Овербая растрогала бдительность Тариела, но он заверил его, будто никакое меньшинство не представляет опасности для большинства; тем более милые семинолы, вооружающиеся всего лишь для борьбы против евреев во Флориде. Овербай посоветовал Тариелу забыть о семинолах и повременить с продажей ресторана, который, по единодушному мнению коллег из ФБР, расположен в многообещающей близости от ООН.

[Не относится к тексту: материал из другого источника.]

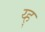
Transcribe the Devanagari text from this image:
य्ह्
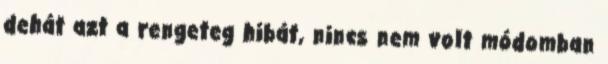
dehát azt a rengeteg hibát, nincs nem volt módomban
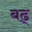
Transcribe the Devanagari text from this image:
बढ्
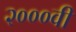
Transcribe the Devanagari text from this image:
२०००वीं
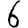
Digit: 6
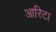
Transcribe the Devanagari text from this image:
आरिटा
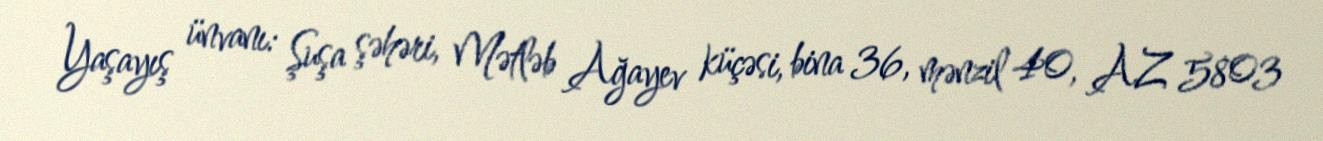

То ли благодаря заботе Овербая и коллег, то ли благодаря тому, что Тариел выбросил из меню индейские блюда, бизнес пошел в гору: дипломаты валили в «Кавказский» делегациями, учтиво беседовали с попугаем у входа, нахваливали грузинские рецепты и ликовали, когда Тариел угощал их за свой счет кахетинским вином. Как-то раз – и об этом писали в газетах – Тариела навестил и проголодавшийся тогда, но теперь уже покойный советский министр Громыко. Заходил дважды и другой министр – тоже оба раза проголодавшийся и тоже бывший, но американский и еще живой, – Киссинджер. Шеварднадзе – хотя и земляк – кушать побрезговал: сказал Тариелу, будто находится на диете. Правда, выпил с ним стакан вина за свое «новое мышление» и пообещал способствовать расширению грузинского амбианса в районе ООН. Слово сдержал: напротив «Кавказского», во дворе организации, появился вскоре скульптурный ансамбль тбилисского символиста Церетели «Георгий Победоносец» – веселый горец на веселом же коне протыкает копьем межконтинентальную баллистическую ракету с большой, но легко расщепляющейся ядерной боеголовкой.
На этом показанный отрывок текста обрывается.